Turning Israel’s Battle Against Hamas Into a ‘Mass Psychological Experiment in Gaza’

Kaiser takes the same shallow approach in his analysis of what Cypel has to say about the violence between Israelis and Palestinians:

Amira Hass, a West Bank correspondent for Haaretz, wrote that by systematically shooting ‘young unarmed Gazans … Israel is conducting a mass psychological experiment in Gaza’. But the ‘guinea pigs are actually the Israelis. How far will their society go in its acquiescence? The experiment is about compliance and cruelty.’ Hass compared the process to the notorious Stanley Milgram experiments conducted at Yale in the early 1960s, when subjects were asked to press a button that sent increasingly powerful electric shocks to a person each time he or she gave the wrong answer to a question.”

Yes, Kaiser actually equates the Israeli-Palestinian conflict to a mass psychological experiment. And this bizarre comparison undergirds a great part of the “Israeli Apartheid” logic, thereby reimagining Israel’s attempts to protect its citizens from Hamas’ incessant attempts to destroy the Jewish state as unilateral, disproportionate, even cynical. 

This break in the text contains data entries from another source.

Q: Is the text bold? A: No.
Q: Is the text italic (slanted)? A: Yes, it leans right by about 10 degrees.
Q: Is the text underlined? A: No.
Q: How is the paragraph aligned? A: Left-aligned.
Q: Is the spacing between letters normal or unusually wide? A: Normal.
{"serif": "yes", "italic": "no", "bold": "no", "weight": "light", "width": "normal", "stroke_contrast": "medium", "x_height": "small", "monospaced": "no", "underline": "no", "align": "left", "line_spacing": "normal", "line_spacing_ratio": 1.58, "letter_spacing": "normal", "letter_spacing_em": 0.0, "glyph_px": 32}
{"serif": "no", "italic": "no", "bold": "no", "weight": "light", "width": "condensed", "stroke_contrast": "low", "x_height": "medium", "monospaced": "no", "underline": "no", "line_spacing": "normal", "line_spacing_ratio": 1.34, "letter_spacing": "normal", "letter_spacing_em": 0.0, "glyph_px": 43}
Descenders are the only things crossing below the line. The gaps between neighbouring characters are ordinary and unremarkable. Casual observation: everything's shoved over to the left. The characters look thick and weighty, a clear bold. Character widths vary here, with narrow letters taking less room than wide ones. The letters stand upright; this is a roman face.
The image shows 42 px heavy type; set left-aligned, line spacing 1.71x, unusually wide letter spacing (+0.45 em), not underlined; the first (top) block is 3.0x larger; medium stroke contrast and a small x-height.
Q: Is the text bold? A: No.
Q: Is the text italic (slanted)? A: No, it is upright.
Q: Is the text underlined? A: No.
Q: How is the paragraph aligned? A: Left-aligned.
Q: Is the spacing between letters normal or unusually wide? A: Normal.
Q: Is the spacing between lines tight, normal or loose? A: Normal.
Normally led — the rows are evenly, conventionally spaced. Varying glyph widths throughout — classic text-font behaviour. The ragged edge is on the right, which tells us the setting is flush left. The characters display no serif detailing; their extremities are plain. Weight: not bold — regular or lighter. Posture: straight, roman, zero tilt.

Unreported: Violent Palestinian Rejection of Jewish State

While The Guardian notes Cypel’s cryptic description of modern Israel as having come into existence amid “a constellation of Goliaths,” non-stop Palestinian aggression against the idea of a Jewish state and decades of terrorism endured by Israelis (see here, here, here, and here) are simply ignored. Nor is there mention of the Palestinian leadership’s repeated rejection of generous peace deals from various Israeli governments.

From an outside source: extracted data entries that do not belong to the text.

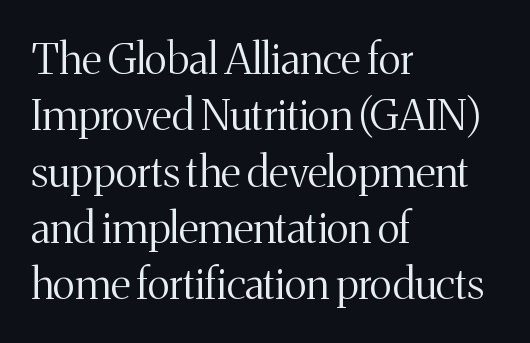
The image shows 43 px light serif type, upright; set left-aligned, normal line spacing (1.31x), normal letter spacing, not underlined; medium stroke contrast and a medium x-height.
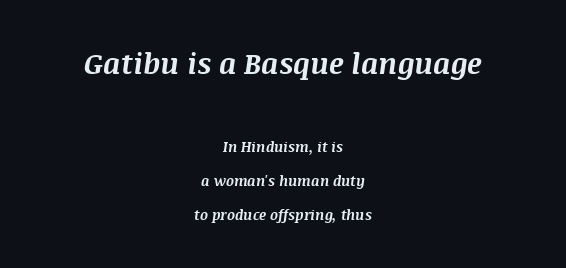
The image shows 29 px bold type, italic (leaning right); set centered, loose line spacing (2.44x), normal letter spacing, not underlined; the first (top) block is 2.07x larger; medium stroke contrast and a large x-height.
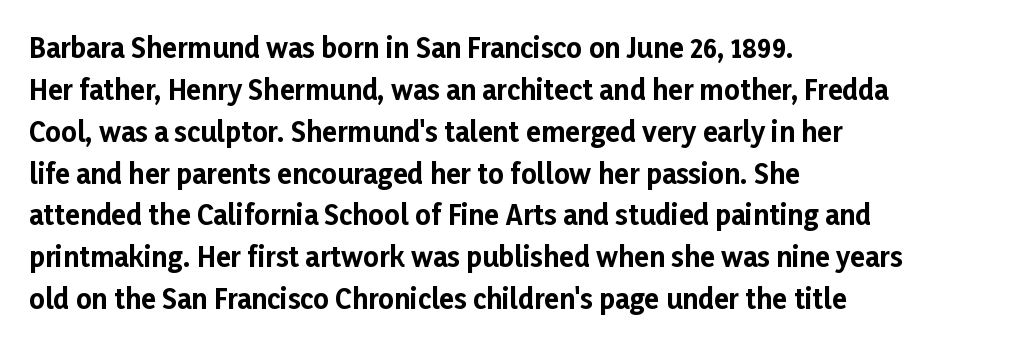
Q: Is the text bold? A: Yes.
Q: Is the text italic (slanted)? A: No, it is upright.
Q: Is the text underlined? A: No.
Q: How is the paragraph aligned? A: Left-aligned.
Q: Is the spacing between letters normal or unusually wide? A: Normal.
Q: Is the spacing between lines tight, normal or loose? A: Normal.
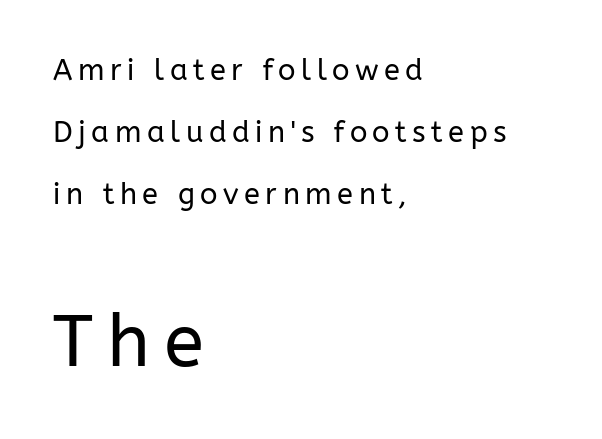
The image shows 73 px regular-weight sans-serif type, upright; set left-aligned, loose line spacing (2.14x), not underlined; the second (bottom) block is 2.52x larger; low stroke contrast and a medium x-height.
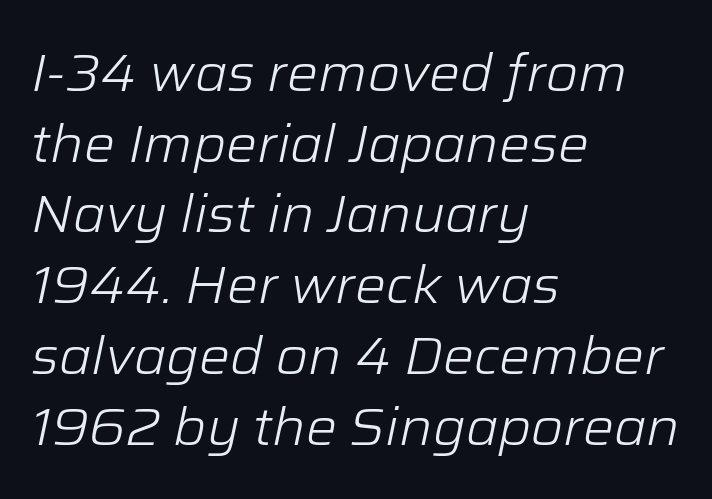
Look at the tracking — it's just the regular setting, nothing added. The weight would be labelled regular, book, light, or lighter still. Evenly set lines give the paragraph a standard silhouette. Notice how the stems are inclined rather than vertical — that's the hallmark of italics. Spacing verdict: proportional, widths tailored to each character.

“All of these anecdotes explain Cypel’s relentless pessimism about Israel,” Kaiser explains “which [Cypel] calls “a society blindly turning inward as it drifts toward disaster.” Kaiser does not bother to raise the obvious question: how can a man as “relentlessly pessimistic” as Cypel be trusted to be a voice of reason on the nature of Israeli society?

Invisible ‘Voices of Virtuous Israelis’

Finally, The Guardian notes that “Cypel’s book is also replete with the voices of virtuous Israelis who remain determined to put their country on a different course.” But this is where the discussion ends. Rather than expanding on these dissenting voices, The Guardian veers off course altogether: “Cypel points out that Israel’s lurch to the right has produced a growing gap with the liberal traditions of American Jews in the Reform movement.” (Emphasis added). 

The Apartheid Libel

Apartheid refers to the system of legal and institutional racial segregation that was imposed by South Africa’s minority white population over the country’s non-white citizens. A present-day example of a similar policy is, for example, seen in the oppression of Chinese Uyghur Muslims by their own national government. However, it cannot be sensibly applied to Israel which grants all citizens equal rights and protections, including Israeli Arabs who comprise 20 percent of Israel’s population.

Crucially, the violence of the Israeli-Palestinian conflict is also not a form of apartheid. Israelis and the Palestinians in the West Bank and Gaza Strip are part of a frustratingly complex dispute being fought by disparate governmental entities, national movements and US-designated terrorist organizations. Israel’s defense posture vis a vis the West Bank and Gaza Strip is meant to safeguard the security of the country’s citizens within the context of an unpredictable and unresolved geopolitical crisis that has claimed thousands of lives.

A book review that doesn’t critique or at least question the veracity of an author’s claims about a complicated issue like the Israeli-Palestinian conflict is effectively perpetuating libelous statements that serve to demean all of the Jewish state’s 9.2 million citizens: Jews, Muslims and Christians alike.